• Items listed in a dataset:
——————

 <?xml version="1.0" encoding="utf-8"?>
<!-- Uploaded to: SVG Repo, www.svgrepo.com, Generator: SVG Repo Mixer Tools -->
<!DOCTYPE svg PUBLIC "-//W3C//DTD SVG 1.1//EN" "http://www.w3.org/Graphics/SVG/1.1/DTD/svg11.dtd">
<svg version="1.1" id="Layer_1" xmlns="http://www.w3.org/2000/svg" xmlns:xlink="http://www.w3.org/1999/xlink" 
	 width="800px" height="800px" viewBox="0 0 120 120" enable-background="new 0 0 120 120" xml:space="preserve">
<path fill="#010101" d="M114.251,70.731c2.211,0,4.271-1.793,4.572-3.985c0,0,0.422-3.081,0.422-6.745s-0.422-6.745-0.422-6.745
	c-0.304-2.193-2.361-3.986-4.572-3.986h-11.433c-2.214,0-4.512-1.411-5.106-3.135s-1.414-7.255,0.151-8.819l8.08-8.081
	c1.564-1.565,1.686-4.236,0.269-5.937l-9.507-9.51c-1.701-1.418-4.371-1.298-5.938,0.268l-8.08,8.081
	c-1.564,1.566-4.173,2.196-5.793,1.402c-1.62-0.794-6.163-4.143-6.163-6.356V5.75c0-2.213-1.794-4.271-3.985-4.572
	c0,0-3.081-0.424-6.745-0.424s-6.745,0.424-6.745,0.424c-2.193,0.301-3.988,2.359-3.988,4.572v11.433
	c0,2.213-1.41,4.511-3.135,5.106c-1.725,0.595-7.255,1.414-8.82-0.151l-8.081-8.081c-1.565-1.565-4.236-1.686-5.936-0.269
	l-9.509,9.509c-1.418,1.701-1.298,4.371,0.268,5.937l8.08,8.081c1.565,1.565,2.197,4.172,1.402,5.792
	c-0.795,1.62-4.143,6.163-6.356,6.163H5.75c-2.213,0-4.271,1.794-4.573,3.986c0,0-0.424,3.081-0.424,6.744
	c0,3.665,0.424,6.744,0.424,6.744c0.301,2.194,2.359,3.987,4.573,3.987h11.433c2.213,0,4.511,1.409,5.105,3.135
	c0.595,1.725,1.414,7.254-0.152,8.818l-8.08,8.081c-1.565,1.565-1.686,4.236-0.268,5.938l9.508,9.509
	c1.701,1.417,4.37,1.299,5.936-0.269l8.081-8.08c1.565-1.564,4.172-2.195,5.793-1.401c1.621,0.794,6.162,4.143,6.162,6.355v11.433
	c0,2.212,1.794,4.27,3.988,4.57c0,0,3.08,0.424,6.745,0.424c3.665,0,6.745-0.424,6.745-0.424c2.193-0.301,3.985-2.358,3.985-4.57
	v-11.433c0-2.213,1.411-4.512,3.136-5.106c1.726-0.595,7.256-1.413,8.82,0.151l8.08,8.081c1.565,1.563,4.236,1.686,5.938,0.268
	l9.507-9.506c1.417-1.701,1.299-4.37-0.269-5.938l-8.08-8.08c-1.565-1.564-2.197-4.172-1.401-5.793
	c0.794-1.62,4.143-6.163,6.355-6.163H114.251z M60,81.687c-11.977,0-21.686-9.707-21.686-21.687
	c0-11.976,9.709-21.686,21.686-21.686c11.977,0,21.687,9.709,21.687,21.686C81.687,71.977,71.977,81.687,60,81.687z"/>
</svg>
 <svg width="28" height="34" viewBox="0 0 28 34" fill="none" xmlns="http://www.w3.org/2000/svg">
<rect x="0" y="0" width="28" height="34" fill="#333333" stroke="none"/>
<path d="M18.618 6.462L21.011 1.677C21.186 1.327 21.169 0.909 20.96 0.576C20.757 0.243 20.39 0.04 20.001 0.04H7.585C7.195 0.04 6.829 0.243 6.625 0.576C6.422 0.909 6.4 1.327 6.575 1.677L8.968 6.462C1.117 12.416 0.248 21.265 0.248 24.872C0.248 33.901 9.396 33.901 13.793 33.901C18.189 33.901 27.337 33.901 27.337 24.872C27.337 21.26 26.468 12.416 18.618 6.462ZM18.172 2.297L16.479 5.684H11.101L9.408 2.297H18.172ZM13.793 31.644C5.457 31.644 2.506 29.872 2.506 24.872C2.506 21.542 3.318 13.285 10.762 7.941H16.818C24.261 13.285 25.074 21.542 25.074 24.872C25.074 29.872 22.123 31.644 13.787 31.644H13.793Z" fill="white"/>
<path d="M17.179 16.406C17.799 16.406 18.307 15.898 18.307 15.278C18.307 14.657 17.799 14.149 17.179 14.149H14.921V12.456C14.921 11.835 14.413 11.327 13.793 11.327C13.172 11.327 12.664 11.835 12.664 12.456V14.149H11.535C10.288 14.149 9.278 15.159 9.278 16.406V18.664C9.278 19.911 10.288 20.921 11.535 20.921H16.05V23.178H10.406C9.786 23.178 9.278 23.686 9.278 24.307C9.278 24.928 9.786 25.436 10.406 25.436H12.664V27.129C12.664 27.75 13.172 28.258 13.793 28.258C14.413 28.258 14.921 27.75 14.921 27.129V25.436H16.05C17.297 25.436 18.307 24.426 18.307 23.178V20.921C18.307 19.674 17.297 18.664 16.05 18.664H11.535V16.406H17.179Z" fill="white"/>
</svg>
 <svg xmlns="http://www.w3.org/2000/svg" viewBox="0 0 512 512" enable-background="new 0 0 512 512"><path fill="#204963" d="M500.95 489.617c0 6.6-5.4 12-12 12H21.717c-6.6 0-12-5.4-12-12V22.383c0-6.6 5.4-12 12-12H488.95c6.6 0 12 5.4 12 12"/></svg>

——————

• EXERCISE REQUIREMENTS:
Every record above must be printed again exactly.

• YOUR SOLUTION:
 <?xml version="1.0" encoding="utf-8"?>
<!-- Uploaded to: SVG Repo, www.svgrepo.com, Generator: SVG Repo Mixer Tools -->
<!DOCTYPE svg PUBLIC "-//W3C//DTD SVG 1.1//EN" "http://www.w3.org/Graphics/SVG/1.1/DTD/svg11.dtd">
<svg version="1.1" id="Layer_1" xmlns="http://www.w3.org/2000/svg" xmlns:xlink="http://www.w3.org/1999/xlink" 
	 width="800px" height="800px" viewBox="0 0 120 120" enable-background="new 0 0 120 120" xml:space="preserve">
<path fill="#010101" d="M114.251,70.731c2.211,0,4.271-1.793,4.572-3.985c0,0,0.422-3.081,0.422-6.745s-0.422-6.745-0.422-6.745
	c-0.304-2.193-2.361-3.986-4.572-3.986h-11.433c-2.214,0-4.512-1.411-5.106-3.135s-1.414-7.255,0.151-8.819l8.08-8.081
	c1.564-1.565,1.686-4.236,0.269-5.937l-9.507-9.51c-1.701-1.418-4.371-1.298-5.938,0.268l-8.08,8.081
	c-1.564,1.566-4.173,2.196-5.793,1.402c-1.62-0.794-6.163-4.143-6.163-6.356V5.75c0-2.213-1.794-4.271-3.985-4.572
	c0,0-3.081-0.424-6.745-0.424s-6.745,0.424-6.745,0.424c-2.193,0.301-3.988,2.359-3.988,4.572v11.433
	c0,2.213-1.41,4.511-3.135,5.106c-1.725,0.595-7.255,1.414-8.82-0.151l-8.081-8.081c-1.565-1.565-4.236-1.686-5.936-0.269
	l-9.509,9.509c-1.418,1.701-1.298,4.371,0.268,5.937l8.08,8.081c1.565,1.565,2.197,4.172,1.402,5.792
	c-0.795,1.62-4.143,6.163-6.356,6.163H5.75c-2.213,0-4.271,1.794-4.573,3.986c0,0-0.424,3.081-0.424,6.744
	c0,3.665,0.424,6.744,0.424,6.744c0.301,2.194,2.359,3.987,4.573,3.987h11.433c2.213,0,4.511,1.409,5.105,3.135
	c0.595,1.725,1.414,7.254-0.152,8.818l-8.08,8.081c-1.565,1.565-1.686,4.236-0.268,5.938l9.508,9.509
	c1.701,1.417,4.37,1.299,5.936-0.269l8.081-8.08c1.565-1.564,4.172-2.195,5.793-1.401c1.621,0.794,6.162,4.143,6.162,6.355v11.433
	c0,2.212,1.794,4.27,3.988,4.57c0,0,3.08,0.424,6.745,0.424c3.665,0,6.745-0.424,6.745-0.424c2.193-0.301,3.985-2.358,3.985-4.57
	v-11.433c0-2.213,1.411-4.512,3.136-5.106c1.726-0.595,7.256-1.413,8.82,0.151l8.08,8.081c1.565,1.563,4.236,1.686,5.938,0.268
	l9.507-9.506c1.417-1.701,1.299-4.37-0.269-5.938l-8.08-8.08c-1.565-1.564-2.197-4.172-1.401-5.793
	c0.794-1.62,4.143-6.163,6.355-6.163H114.251z M60,81.687c-11.977,0-21.686-9.707-21.686-21.687
	c0-11.976,9.709-21.686,21.686-21.686c11.977,0,21.687,9.709,21.687,21.686C81.687,71.977,71.977,81.687,60,81.687z"/>
</svg>
 <svg width="28" height="34" viewBox="0 0 28 34" fill="none" xmlns="http://www.w3.org/2000/svg">
<rect x="0" y="0" width="28" height="34" fill="#333333" stroke="none"/>
<path d="M18.618 6.462L21.011 1.677C21.186 1.327 21.169 0.909 20.96 0.576C20.757 0.243 20.39 0.04 20.001 0.04H7.585C7.195 0.04 6.829 0.243 6.625 0.576C6.422 0.909 6.4 1.327 6.575 1.677L8.968 6.462C1.117 12.416 0.248 21.265 0.248 24.872C0.248 33.901 9.396 33.901 13.793 33.901C18.189 33.901 27.337 33.901 27.337 24.872C27.337 21.26 26.468 12.416 18.618 6.462ZM18.172 2.297L16.479 5.684H11.101L9.408 2.297H18.172ZM13.793 31.644C5.457 31.644 2.506 29.872 2.506 24.872C2.506 21.542 3.318 13.285 10.762 7.941H16.818C24.261 13.285 25.074 21.542 25.074 24.872C25.074 29.872 22.123 31.644 13.787 31.644H13.793Z" fill="white"/>
<path d="M17.179 16.406C17.799 16.406 18.307 15.898 18.307 15.278C18.307 14.657 17.799 14.149 17.179 14.149H14.921V12.456C14.921 11.835 14.413 11.327 13.793 11.327C13.172 11.327 12.664 11.835 12.664 12.456V14.149H11.535C10.288 14.149 9.278 15.159 9.278 16.406V18.664C9.278 19.911 10.288 20.921 11.535 20.921H16.05V23.178H10.406C9.786 23.178 9.278 23.686 9.278 24.307C9.278 24.928 9.786 25.436 10.406 25.436H12.664V27.129C12.664 27.75 13.172 28.258 13.793 28.258C14.413 28.258 14.921 27.75 14.921 27.129V25.436H16.05C17.297 25.436 18.307 24.426 18.307 23.178V20.921C18.307 19.674 17.297 18.664 16.05 18.664H11.535V16.406H17.179Z" fill="white"/>
</svg>
 <svg xmlns="http://www.w3.org/2000/svg" viewBox="0 0 512 512" enable-background="new 0 0 512 512"><path fill="#204963" d="M500.95 489.617c0 6.6-5.4 12-12 12H21.717c-6.6 0-12-5.4-12-12V22.383c0-6.6 5.4-12 12-12H488.95c6.6 0 12 5.4 12 12"/></svg>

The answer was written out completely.